Reproduce exactly the lines from the one that holds "This is 4.9 seconds since image 1." through the last line of the entries, both ends included, but not the pictures.

* Records drawn from a dataset:
━━━━━━━━━━
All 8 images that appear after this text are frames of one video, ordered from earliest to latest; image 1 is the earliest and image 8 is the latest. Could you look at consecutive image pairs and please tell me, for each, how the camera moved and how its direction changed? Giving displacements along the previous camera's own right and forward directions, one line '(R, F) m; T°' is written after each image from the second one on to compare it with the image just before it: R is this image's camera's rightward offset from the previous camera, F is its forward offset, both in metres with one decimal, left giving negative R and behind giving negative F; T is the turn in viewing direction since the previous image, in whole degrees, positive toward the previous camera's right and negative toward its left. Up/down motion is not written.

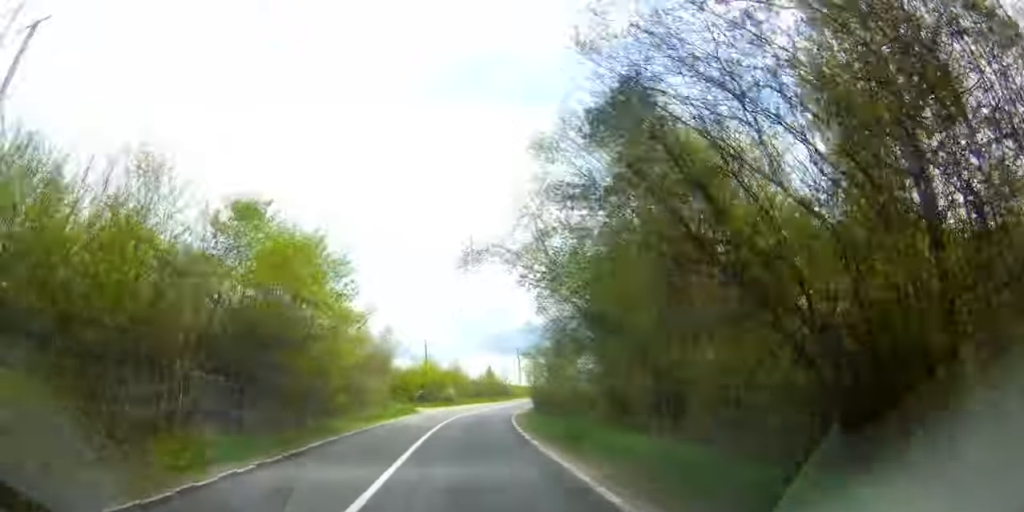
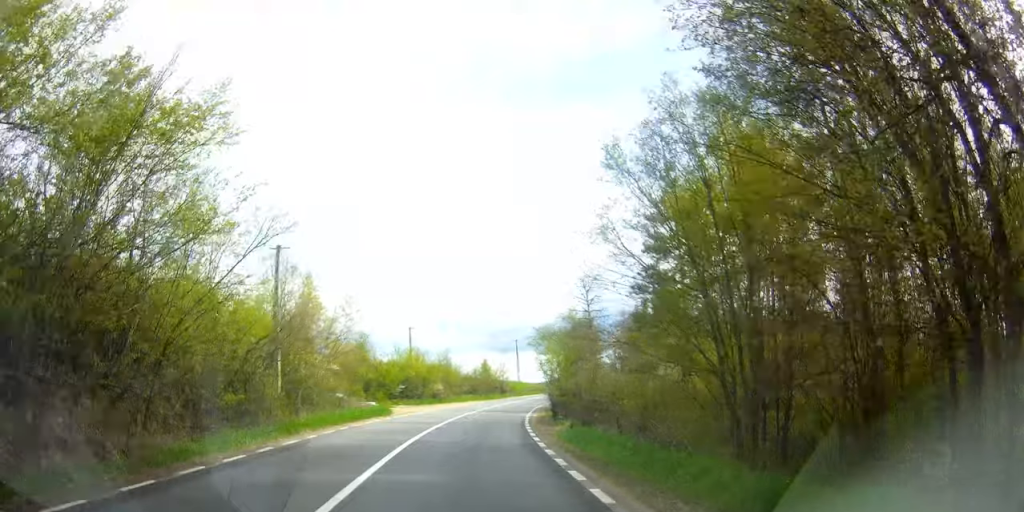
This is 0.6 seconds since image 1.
(-0.7, +13.7) m; -3°
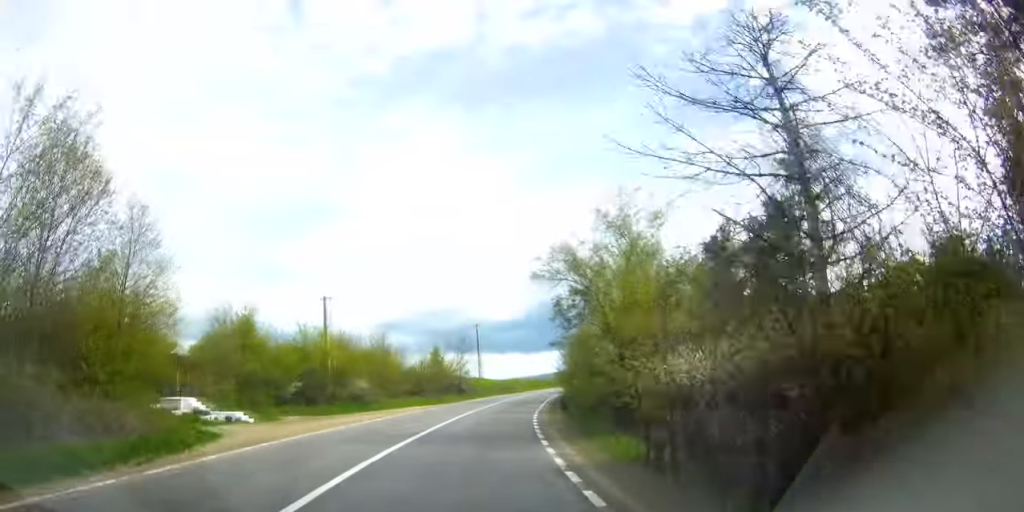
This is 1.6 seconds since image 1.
(-1.1, +24.3) m; -4°
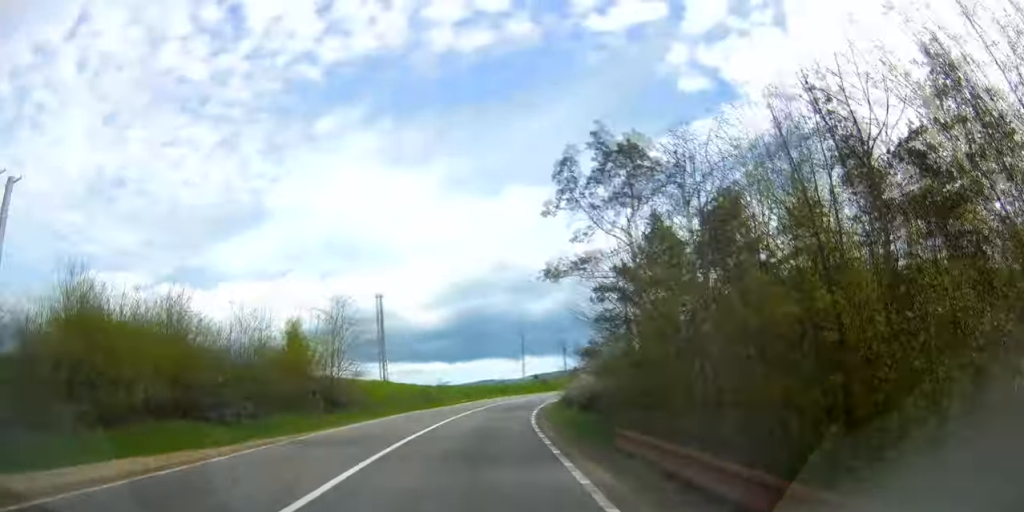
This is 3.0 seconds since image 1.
(-0.5, +34.2) m; +2°
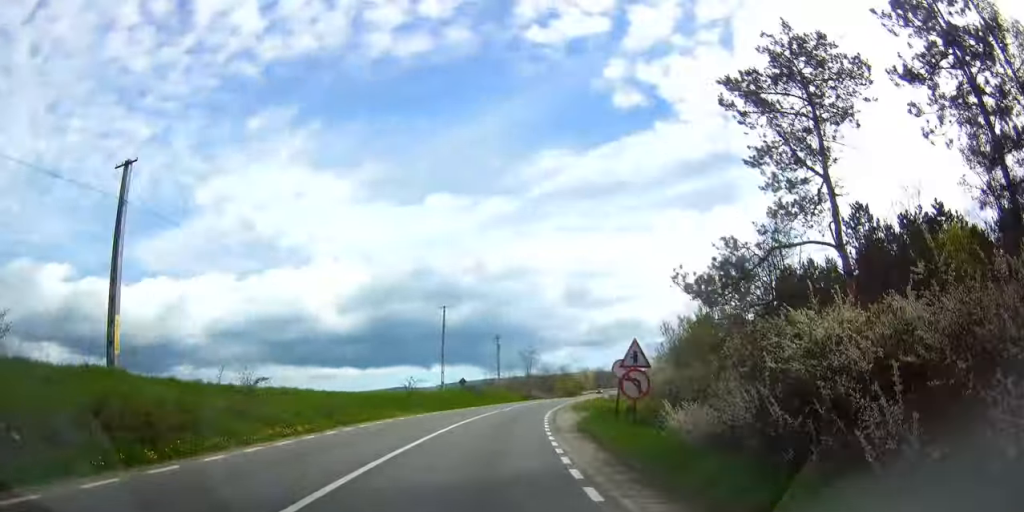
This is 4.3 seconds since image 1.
(+2.1, +33.8) m; +6°
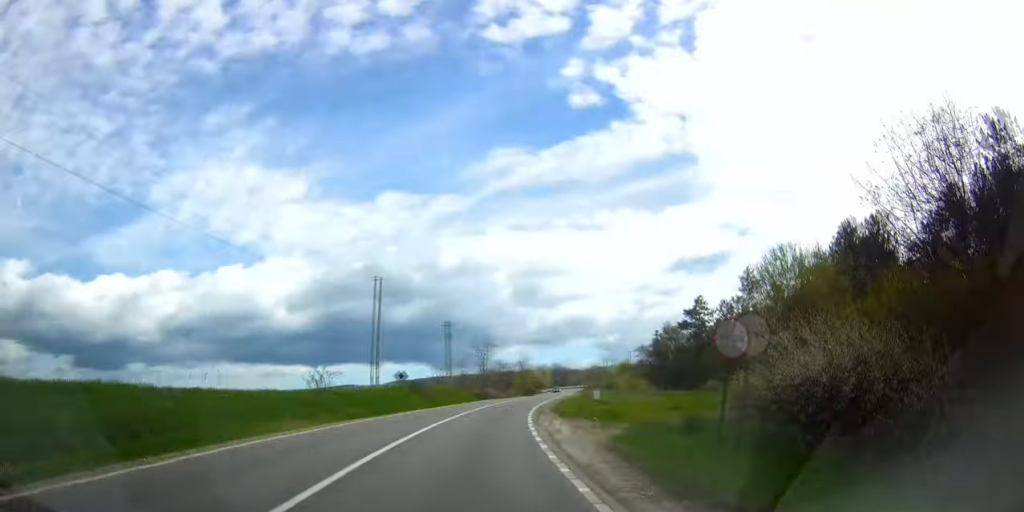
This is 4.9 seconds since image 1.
(-0.1, +15.0) m; +3°
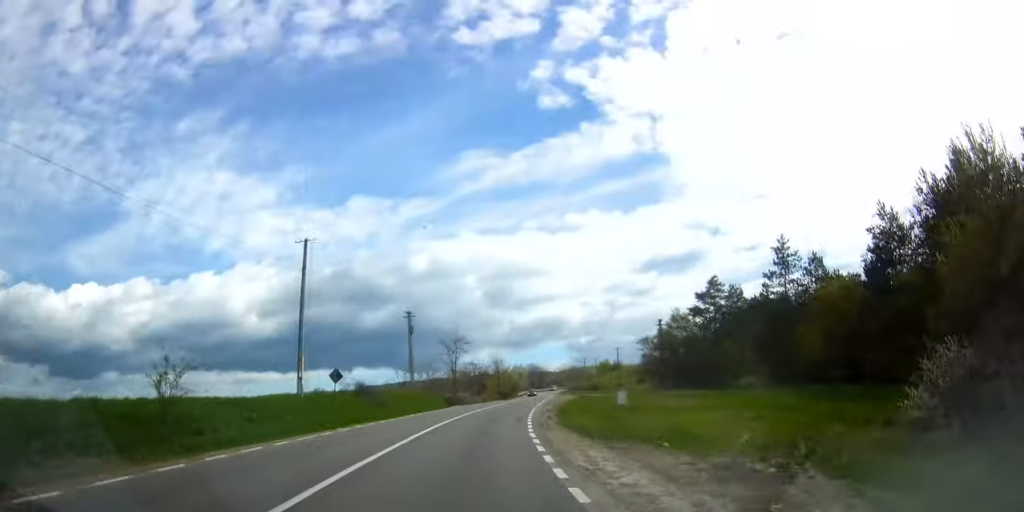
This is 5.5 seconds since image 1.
(+0.8, +13.7) m; +4°
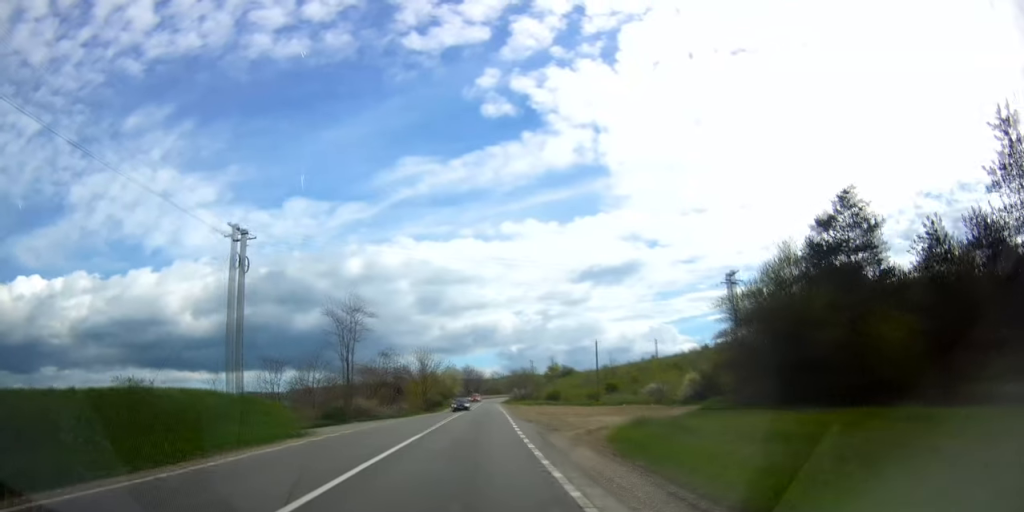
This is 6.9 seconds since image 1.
(+2.5, +34.6) m; +9°
━━━━━━━━━━
* Expected answer:
This is 4.9 seconds since image 1.
(-0.1, +15.0) m; +3°
This is 5.5 seconds since image 1.
(+0.8, +13.7) m; +4°
This is 6.9 seconds since image 1.
(+2.5, +34.6) m; +9°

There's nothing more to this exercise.